The really nice bit about `map`

is that is has close cousins like `map_dbl`

which specify that the output should be a vector of numbers, rather than a list of numbers. Here’s what I mean:

```
iris %>%
nest(-Species) %>%
mutate(
model = map(data, ~ lm(Sepal.Width ~ Sepal.Length, data = .)),
slope1 = map(model, ~ coef(.)['Sepal.Length']),
slope2 = map_dbl(model, ~ coef(.)['Sepal.Length'])
)
# output:
# # A tibble: 3 x 5
# Species data model slope1 slope2
# <fct> <list> <list> <list> <dbl>
# 1 setosa <tibble [50 × 4]> <lm> <dbl [1]> 0.799
# 2 versicolor <tibble [50 × 4]> <lm> <dbl [1]> 0.320
# 3 virginica <tibble [50 × 4]> <lm> <dbl [1]> 0.232
```

Note that the `map`

for `slope`

in the above gave a list of single numbers, where each item in the list is a numeric vector with a single entry, while `map_dbl`

gave one vector that “lays” the values more nicely in the tibble.
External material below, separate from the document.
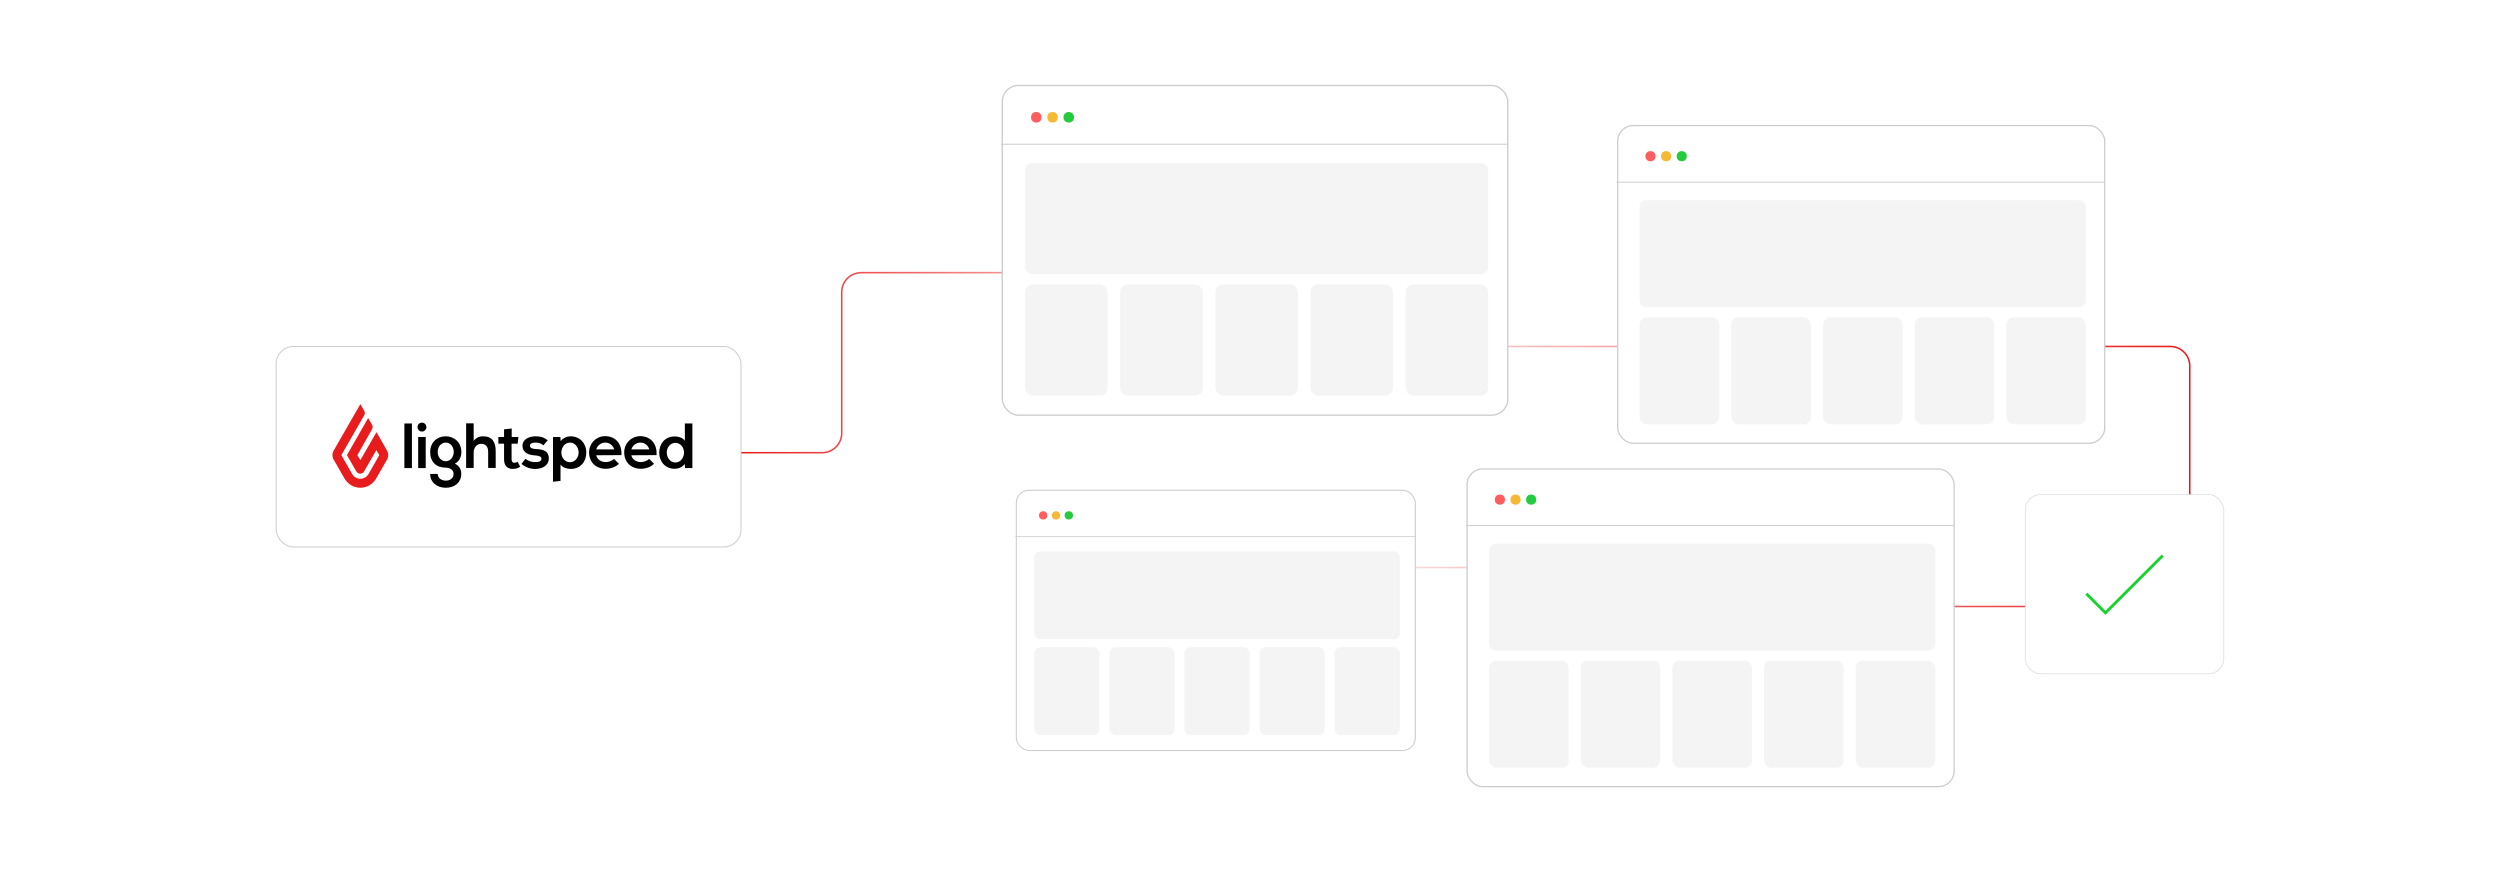 <?xml version="1.0" encoding="UTF-8"?><svg id="a" xmlns="http://www.w3.org/2000/svg" xmlns:xlink="http://www.w3.org/1999/xlink" viewBox="0 0 860 300"><defs><linearGradient id="b" x1="254.904" y1="151.216" x2="753.546" y2="151.216" gradientUnits="userSpaceOnUse"><stop offset="0" stop-color="#e81c1c"/><stop offset=".352" stop-color="#e81c1c" stop-opacity="0"/><stop offset="1" stop-color="#e81c1c"/></linearGradient><filter id="c" x="545.576" y="32.338" width="189.6" height="131.28" filterUnits="userSpaceOnUse"><feOffset dx="0" dy="0"/><feGaussianBlur result="d" stdDeviation="3.536"/><feFlood flood-color="#848484" flood-opacity=".3"/><feComposite in2="d" operator="in"/><feComposite in="SourceGraphic"/></filter><filter id="e" x="493.736" y="150.418" width="189.6" height="131.28" filterUnits="userSpaceOnUse"><feOffset dx="0" dy="0"/><feGaussianBlur result="f" stdDeviation="3.536"/><feFlood flood-color="#848484" flood-opacity=".3"/><feComposite in2="f" operator="in"/><feComposite in="SourceGraphic"/></filter><filter id="g" x="88.582" y="112.704" width="172.8" height="81.84" filterUnits="userSpaceOnUse"><feOffset dx="0" dy="0"/><feGaussianBlur result="h" stdDeviation="2.027"/><feFlood flood-color="#848484" flood-opacity=".3"/><feComposite in2="h" operator="in"/><feComposite in="SourceGraphic"/></filter><filter id="i" x="333.494" y="18.017" width="196.56" height="136.32" filterUnits="userSpaceOnUse"><feOffset dx="0" dy="0"/><feGaussianBlur result="j" stdDeviation="3.67"/><feFlood flood-color="#848484" flood-opacity=".3"/><feComposite in2="j" operator="in"/><feComposite in="SourceGraphic"/></filter><filter id="k" x="340.613" y="159.776" width="155.28" height="107.52" filterUnits="userSpaceOnUse"><feOffset dx="0" dy="0"/><feGaussianBlur result="l" stdDeviation="2.897"/><feFlood flood-color="#848484" flood-opacity=".3"/><feComposite in2="l" operator="in"/><feComposite in="SourceGraphic"/></filter><filter id="m" x="690.978" y="164.54" width="79.68" height="72.96" filterUnits="userSpaceOnUse"><feOffset dx="0" dy="0"/><feGaussianBlur result="n" stdDeviation="1.788"/><feFlood flood-color="#969696" flood-opacity=".3"/><feComposite in2="n" operator="in"/><feComposite in="SourceGraphic"/></filter></defs><path d="M254.904,155.723h27.945c3.702,0,6.703-3.001,6.703-6.703v-48.522c0-3.702,3.001-6.703,6.703-6.703h188.293c3.702,0,6.703,3.001,6.703,6.703v11.98c0,3.702,3.001,6.703,6.703,6.703h248.62c3.702,0,6.703,3.001,6.703,6.703v76.049c0,3.702-3.001,6.703-6.703,6.703h-200.264c-3.702,0-6.703-3.001-6.703-6.703h0c0-3.702-3.001-6.703-6.703-6.703h-143.417" fill="none" stroke="url(#b)" stroke-miterlimit="10" stroke-width=".538"/><rect x="556.488" y="43.189" width="167.539" height="109.281" rx="5.357" ry="5.357" fill="#fff" filter="url(#c)" stroke="#ccc" stroke-miterlimit="10" stroke-width=".443"/><line x1="556.086" y1="62.663" x2="724.027" y2="62.663" fill="#fff" stroke="#ccc" stroke-miterlimit="10" stroke-width=".33"/><circle cx="567.767" cy="53.739" r="1.753" fill="#ff5d5e"/><circle cx="573.146" cy="53.739" r="1.753" fill="#f5b935"/><circle cx="578.526" cy="53.739" r="1.753" fill="#24cb3f"/><rect x="564.045" y="68.874" width="153.487" height="36.803" rx="2.282" ry="2.282" fill="#f4f4f4"/><rect x="564.045" y="109.121" width="27.369" height="36.858" rx="2.534" ry="2.534" fill="#f4f4f4"/><rect x="595.575" y="109.121" width="27.369" height="36.858" rx="2.534" ry="2.534" fill="#f4f4f4"/><rect x="627.104" y="109.121" width="27.369" height="36.858" rx="2.534" ry="2.534" fill="#f4f4f4"/><rect x="658.634" y="109.121" width="27.369" height="36.858" rx="2.534" ry="2.534" fill="#f4f4f4"/><rect x="690.163" y="109.121" width="27.369" height="36.858" rx="2.534" ry="2.534" fill="#f4f4f4"/><rect x="504.681" y="161.318" width="167.539" height="109.281" rx="5.357" ry="5.357" fill="#fff" filter="url(#e)" stroke="#ccc" stroke-miterlimit="10" stroke-width=".443"/><line x1="504.278" y1="180.791" x2="672.22" y2="180.791" fill="#fff" stroke="#ccc" stroke-miterlimit="10" stroke-width=".33"/><circle cx="515.96" cy="171.867" r="1.753" fill="#ff5d5e"/><circle cx="521.339" cy="171.867" r="1.753" fill="#f5b935"/><circle cx="526.718" cy="171.867" r="1.753" fill="#24cb3f"/><rect x="512.238" y="187.002" width="153.487" height="36.803" rx="2.282" ry="2.282" fill="#f4f4f4"/><rect x="512.238" y="227.249" width="27.369" height="36.858" rx="2.534" ry="2.534" fill="#f4f4f4"/><rect x="543.767" y="227.249" width="27.369" height="36.858" rx="2.534" ry="2.534" fill="#f4f4f4"/><rect x="575.297" y="227.249" width="27.369" height="36.858" rx="2.534" ry="2.534" fill="#f4f4f4"/><rect x="606.826" y="227.249" width="27.369" height="36.858" rx="2.534" ry="2.534" fill="#f4f4f4"/><rect x="638.356" y="227.249" width="27.369" height="36.858" rx="2.534" ry="2.534" fill="#f4f4f4"/><rect x="94.993" y="119.181" width="159.911" height="68.966" rx="5.989" ry="5.989" fill="#fff" filter="url(#g)" stroke="#ccc" stroke-miterlimit="10" stroke-width=".343"/><path d="M123.954,139.01l1.343,2.302c.287.479.287,1.054,0,1.534l-7.864,13.715,3.692,6.474c.863,1.583,2.877,2.109,4.411,1.246.527-.287.96-.719,1.248-1.246l3.692-6.474-1.007-1.727-4.221,7.337c-.431.72-1.343,1.007-2.11.576-.237-.141-.435-.339-.576-.576l-3.212-5.611,7.288-12.756,1.343,2.302c.287.48.287,1.054,0,1.534l-5.035,8.92,1.006,1.727,5.563-9.639,3.596,6.33c.576.96.576,2.158,0,3.165l-3.692,6.426c-.576,1.007-2.302,3.212-5.466,3.212s-4.892-2.205-5.467-3.212l-3.691-6.426c-.576-.96-.576-2.157,0-3.165l9.16-15.969Z" fill="#e81c1c"/><path d="M156.466,159.485c1.728-.815,2.254-2.683,2.254-3.978-.047-3.358-2.445-5.421-5.417-5.421-2.925,0-5.324,2.063-5.324,5.421s2.063,5.371,5.371,5.371c1.295,0,2.687.671,2.687,2.157s-1.201,2.305-2.687,2.305-2.781-.912-2.781-2.305h-2.59c0,2.878,2.301,4.75,5.371,4.75s5.324-1.825,5.324-4.747c0-1.345-.433-2.64-2.207-3.553ZM153.35,158.67c-1.533,0-2.781-1.342-2.781-3.21,0-1.872,1.248-3.214,2.781-3.214,1.536,0,2.734,1.389,2.734,3.214,0,1.821-1.248,3.21-2.734,3.21Z"/><path d="M220.245,150.039h-.191c-3.019.097-5.371,2.59-5.324,5.612,0,3.405,2.398,5.609,5.71,5.609,1.63,0,3.452-.574,4.555-1.724l-1.681-1.677c-.574.62-1.868,1.1-2.828,1.1-1.872,0-3.022-1.1-3.307-2.348l8.678-.051c.238-4.314-2.398-6.521-5.612-6.521ZM217.179,154.598c.429-1.392,1.677-2.352,3.116-2.352,1.435,0,2.694.963,3.069,2.352h-6.186Z"/><path d="M208.162,150.039h-.191c-3.022.097-5.371,2.59-5.324,5.612,0,3.405,2.398,5.609,5.706,5.609,1.63,0,3.452-.574,4.555-1.724l-1.677-1.677c-.577.62-1.872,1.1-2.831,1.1-1.868,0-3.019-1.1-3.307-2.348l8.682-.051c.238-4.314-2.398-6.521-5.612-6.521ZM205.093,154.598c.433-1.392,1.677-2.352,3.116-2.352s2.694.963,3.069,2.352h-6.186Z"/><path d="M166.25,150.088c-1.295-.048-2.541.527-3.308,1.582v-6.042h-2.591v15.346h2.59v-5.371c0-1.583,1.055-2.925,2.59-2.925,1.391,0,2.399.815,2.399,2.733v5.562h2.589v-5.754c.048-3.117-1.247-5.132-4.268-5.132l.001.001Z"/><path d="M196.271,150.089c-1.201,0-2.59.527-3.405,1.677l-.097-1.439h-2.543v15.394l2.59-.288v-5.659c.768,1.151,2.352,1.536,3.502,1.536,3.405,0,5.371-2.543,5.371-5.659s-2.204-5.562-5.417-5.562ZM196.079,159.005c-1.775,0-2.976-1.627-2.976-3.307,0-1.63,1.104-3.452,2.976-3.452,1.868,0,2.972,1.774,2.972,3.452,0,1.63-1.201,3.307-2.972,3.307Z"/><path d="M235.592,145.674v5.948c-.768-1.151-2.398-1.486-3.502-1.486-3.354,0-5.32,2.539-5.32,5.609s2.157,5.565,5.371,5.515c1.198,0,2.59-.527,3.405-1.677l.094,1.439h2.543v-15.347h-2.59ZM232.332,159.103c-1.868,0-2.972-1.775-2.972-3.452s1.198-3.307,2.972-3.307,2.972,1.63,2.972,3.307-1.104,3.452-2.972,3.452Z"/><path d="M176.944,159.199c-.287,0-.576-.097-.72-.337-.196-.297-.28-.653-.239-1.006v-5.228h2.109l.241-2.302h-2.302v-2.925l-2.637.288v2.637h-1.967v2.302h1.967v5.323c0,1.103.239,1.918.767,2.494.527.575,1.247.863,2.254.863.431,0,.911-.048,1.343-.192.431-.145.816-.288,1.2-.576l-.912-1.679c-.336.193-.719.337-1.103.337Z"/><path d="M187.686,155.265c-1.055-.671-2.302-.767-3.549-.815-.719-.048-1.823-.193-1.823-1.151,0-.671.671-1.054,1.967-1.054,1.006,0,1.87.239,2.637.958l1.487-1.726c-1.247-1.054-2.494-1.391-4.172-1.391-1.966,0-4.508.864-4.508,3.309,0,1.007.528,1.967,1.391,2.494,1.007.623,2.254.72,3.357.816.767.096,1.967.287,1.774,1.294-.143.72-1.006.96-1.63.96-.671.048-1.343,0-2.014-.193-.671-.192-1.295-.527-1.871-.91l-1.343,1.726.144.144c1.774,1.391,4.028,1.918,6.234,1.391,1.63-.384,3.021-1.535,3.021-3.309.048-1.007-.288-2.014-1.103-2.542Z"/><polygon points="143.855 161.021 146.445 161.021 146.445 150.326 143.855 150.326 143.855 161.02 143.855 161.021"/><path d="M143.615,146.923c0-.864.671-1.535,1.535-1.535.863,0,1.534.671,1.534,1.535,0,.863-.671,1.534-1.534,1.534-.384,0-.816-.144-1.055-.431-.301-.289-.474-.686-.48-1.103Z"/><rect x="139.108" y="145.676" width="2.59" height="15.345"/><rect x="344.786" y="29.401" width="173.886" height="113.421" rx="5.56" ry="5.56" fill="#fff" filter="url(#i)" stroke="#ccc" stroke-miterlimit="10" stroke-width=".46"/><line x1="344.368" y1="49.613" x2="518.672" y2="49.613" fill="#fff" stroke="#ccc" stroke-miterlimit="10" stroke-width=".342"/><circle cx="356.492" cy="40.35" r="1.819" fill="#ff5d5e"/><circle cx="362.075" cy="40.35" r="1.819" fill="#f5b935"/><circle cx="367.658" cy="40.35" r="1.819" fill="#24cb3f"/><rect x="352.629" y="56.059" width="159.302" height="38.197" rx="2.369" ry="2.369" fill="#f4f4f4"/><rect x="352.629" y="97.83" width="28.406" height="38.255" rx="2.63" ry="2.63" fill="#f4f4f4"/><rect x="385.353" y="97.83" width="28.406" height="38.255" rx="2.63" ry="2.63" fill="#f4f4f4"/><rect x="418.077" y="97.83" width="28.406" height="38.255" rx="2.63" ry="2.63" fill="#f4f4f4"/><rect x="450.801" y="97.83" width="28.406" height="38.255" rx="2.63" ry="2.63" fill="#f4f4f4"/><rect x="483.525" y="97.83" width="28.406" height="38.255" rx="2.63" ry="2.63" fill="#f4f4f4"/><rect x="349.614" y="168.656" width="137.256" height="89.528" rx="4.388" ry="4.388" fill="#fff" filter="url(#k)" stroke="#ccc" stroke-miterlimit="10" stroke-width=".363"/><line x1="349.284" y1="184.61" x2="486.87" y2="184.61" fill="#fff" stroke="#ccc" stroke-miterlimit="10" stroke-width=".27"/><circle cx="358.854" cy="177.298" r="1.436" fill="#ff5d5e"/><circle cx="363.261" cy="177.298" r="1.436" fill="#f5b935"/><circle cx="367.668" cy="177.298" r="1.436" fill="#24cb3f"/><rect x="355.805" y="189.698" width="125.743" height="30.15" rx="1.87" ry="1.87" fill="#f4f4f4"/><rect x="355.805" y="222.67" width="22.422" height="30.196" rx="2.076" ry="2.076" fill="#f4f4f4"/><rect x="381.636" y="222.67" width="22.422" height="30.196" rx="2.076" ry="2.076" fill="#f4f4f4"/><rect x="407.466" y="222.67" width="22.422" height="30.196" rx="2.076" ry="2.076" fill="#f4f4f4"/><rect x="433.297" y="222.67" width="22.422" height="30.196" rx="2.076" ry="2.076" fill="#f4f4f4"/><rect x="459.127" y="222.67" width="22.422" height="30.196" rx="2.076" ry="2.076" fill="#f4f4f4"/><rect x="696.662" y="170.114" width="68.345" height="61.693" rx="5.386" ry="5.386" fill="#fff" filter="url(#m)" stroke="#ccc" stroke-miterlimit="10" stroke-width=".179"/><polyline points="717.704 204.234 724.276 210.805 743.965 191.116" fill="none" stroke="#19d12f" stroke-miterlimit="10"/></svg>

Now it’s nice and easy to compare the models in the context of a data frame:

```
iris %>%
nest(-Species) %>%
mutate(
model = map(data, ~ lm(Sepal.Width ~ Sepal.Length, data = .)),
slope = map_dbl(model, ~ coef(.)['Sepal.Length']),
slope_confint = map(model, ~ confint(.)['Sepal.Length', ]),
slope_cil = map_dbl(slope_confint, first),
slope_ciu = map_dbl(slope_confint, last)
) %>%
ggplot(aes(x = Species, y = slope, ymin = slope_cil, ymax = slope_ciu)) +
geom_point() +
geom_errorbar()
```

Note that this final result only computed each model once, only computed the confindence intervals once, and managed to make the output figure without once creating an intermediate object!